Mental Mistakes

Chapter 11
Prices of Admission

"In theory," says a stock market reporter on television, "splitting a stock should make no difference to demand. You take every share of stock and split it into two shares, each costing half as much. So the same amount of money buys the same amount of the company."

Then there's the shrug that says what dummies traders are. "But small investors like the smaller price, so the stock can go up."

That is a good example of the principle that markets create value. A stock split lowers the price of admission. It prevents a booming stock price from getting so high that traders cannot afford to spread the risk by buying a lot of different stocks. So it becomes more valuable to them, and the price goes up. Or, if it makes the price too low, suspicion could make the price go down.

People often say, "In theory, the market should...." Then they do the shrug. The idea is to form an elaborate theory which, by an astounding coincidence, predicts that the market will do what they think it should do. Then, when the market does whatever voluntary traders actually do, the result can be called "market failure."

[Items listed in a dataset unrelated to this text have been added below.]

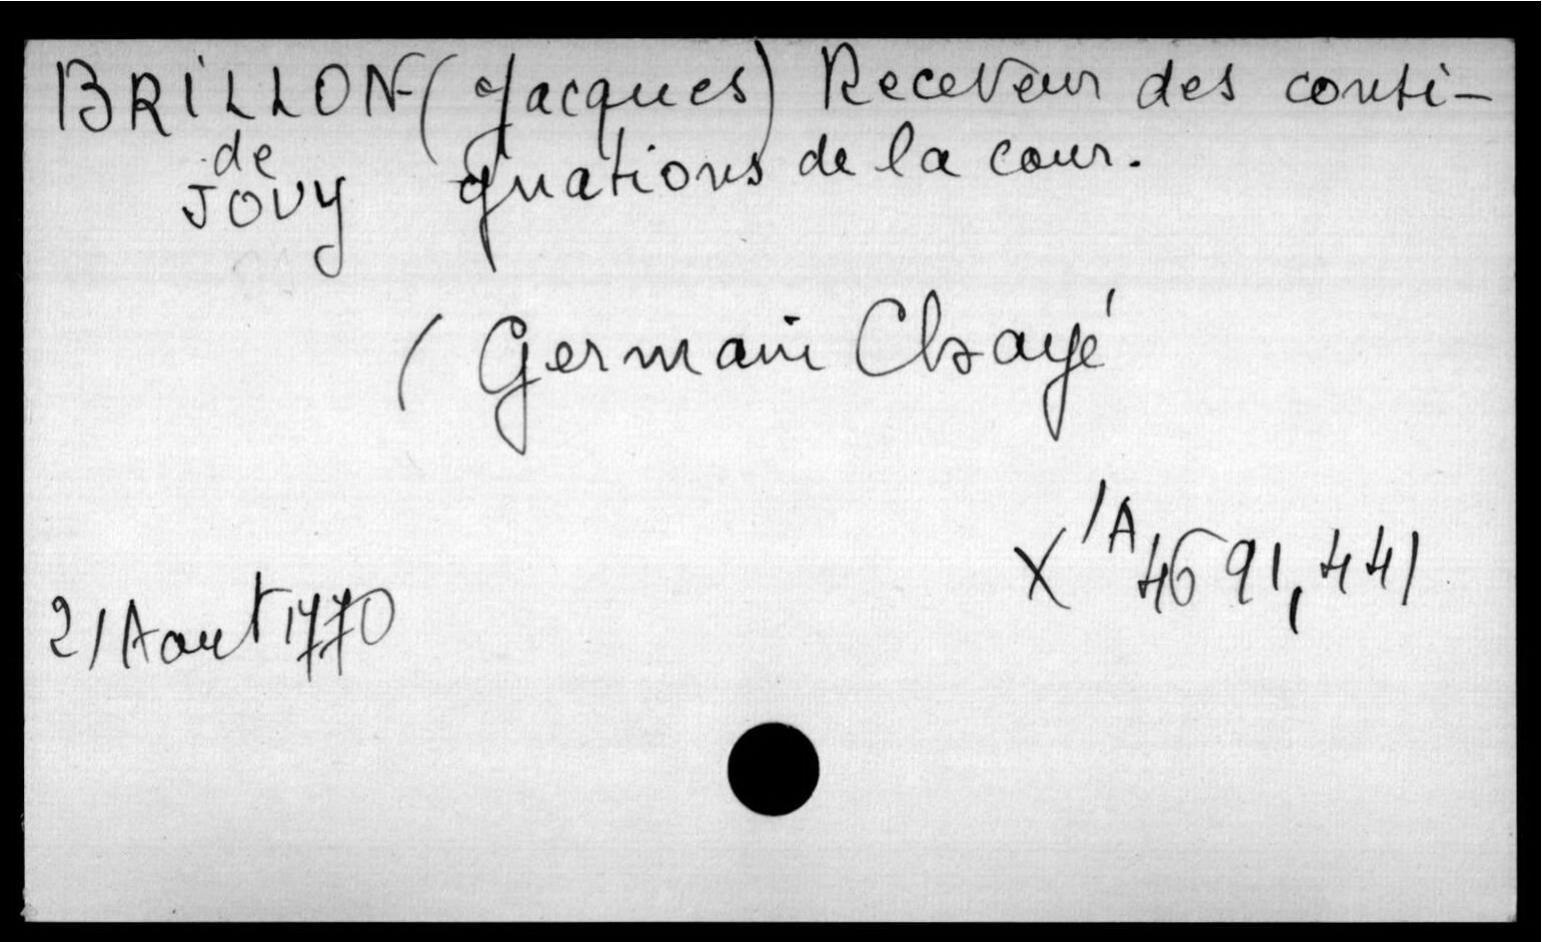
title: BRILLON (Jacques) Receveur des consignations de la cour.
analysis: Contre Germain Chayé
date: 21 août 1770
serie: X1A
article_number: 4691
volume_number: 441

Pretend you are Isaac Newton staring at an apple tree. Now that apple there, swaying in the breeze, is about to fall. You can tell. It is getting ready to fall off the tree. In a moment, it will break free. But it refuses. It hangs there. It is apple failure.

On the other hand, that other apple looks secure below its branch. It can use more ripening, so it will stay there and not fall. But it suddenly falls. More apple failure.

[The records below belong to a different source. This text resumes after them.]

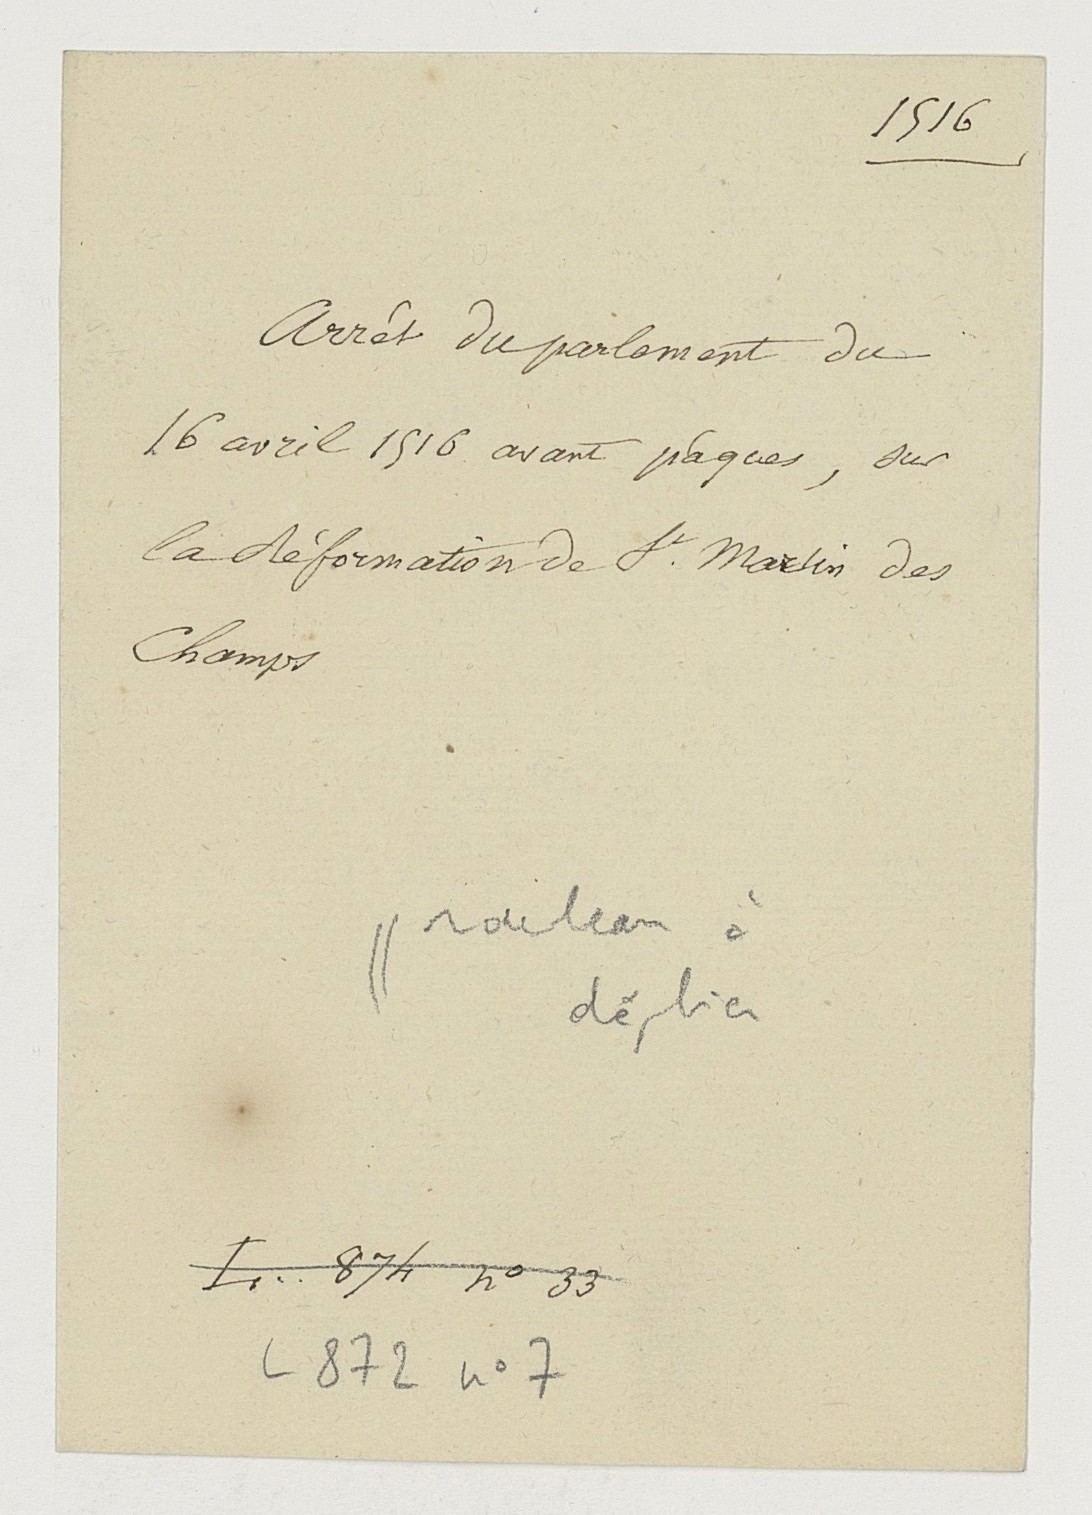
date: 1516
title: Arrêt du Parlement du 16 avril 1516 avant Pâques, sur la Réformation de Saint-Martin des Champs
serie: L
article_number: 872
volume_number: n° 7

If you think that elaborate theories of "market failure" are less silly than apple failure, compare them to the flea market. Notice that all market theories must boil down to voluntary exchange by individual choice. If they ignore the basic principle that trades are voluntary, then the theories are not about markets, but about the machinations of should committees.

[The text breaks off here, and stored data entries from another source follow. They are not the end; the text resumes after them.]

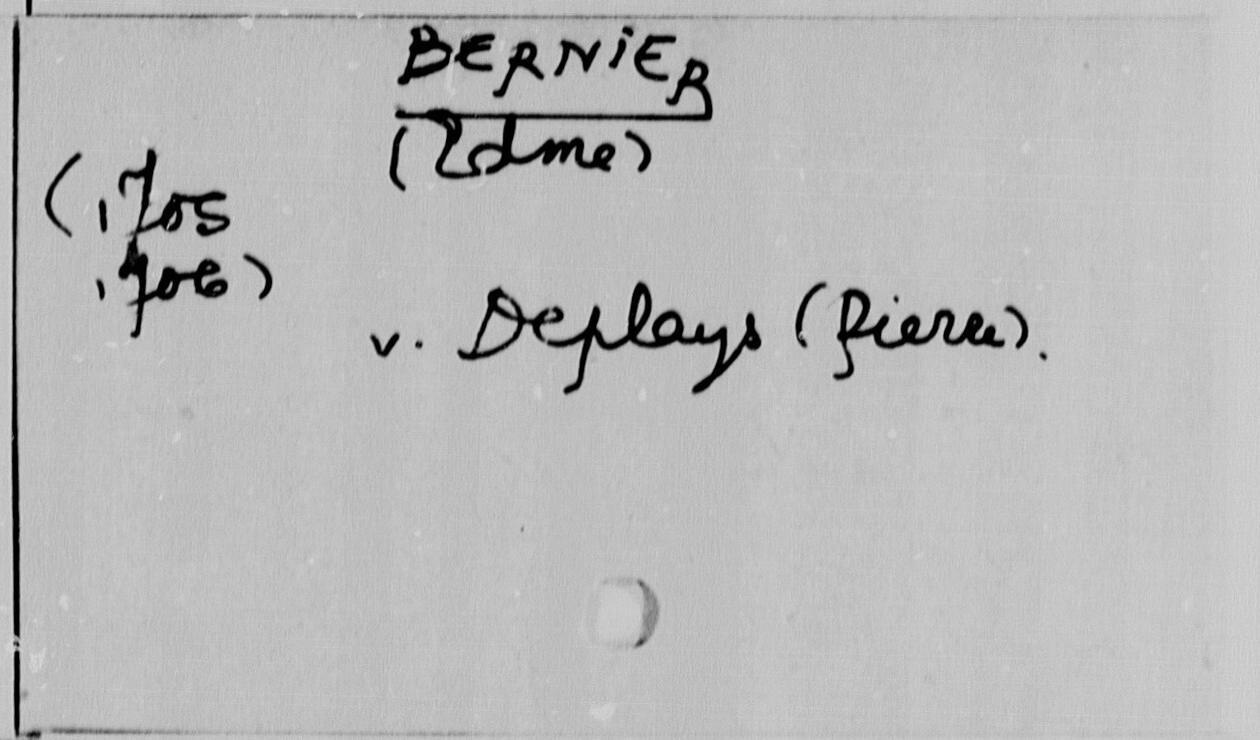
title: BERNIER (Edme)
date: (1705-1706)
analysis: Voir Deplays (Pierre)

The price of admission for objective theorizing about markets is the recognition that trades are voluntary by definition. Subjective theorists refuse to pay admission. They talk about "mandated trading", and "involuntary exchange". Then they feel silly calling non-trades trades, and non-exchanges exchanges. So their theories grow more opaque.

The 1996 Nobel prize in economics, as reported in The Economist (10/12/96, p.86), was awarded for theories of how to optimize tax revenues, which was shown to be "far trickier than had previously been imagined." That's because of the "economics of asymmetric information." One recipient's "most important insight was that an optimal tax system must be what economists now call 'incentive compatible'."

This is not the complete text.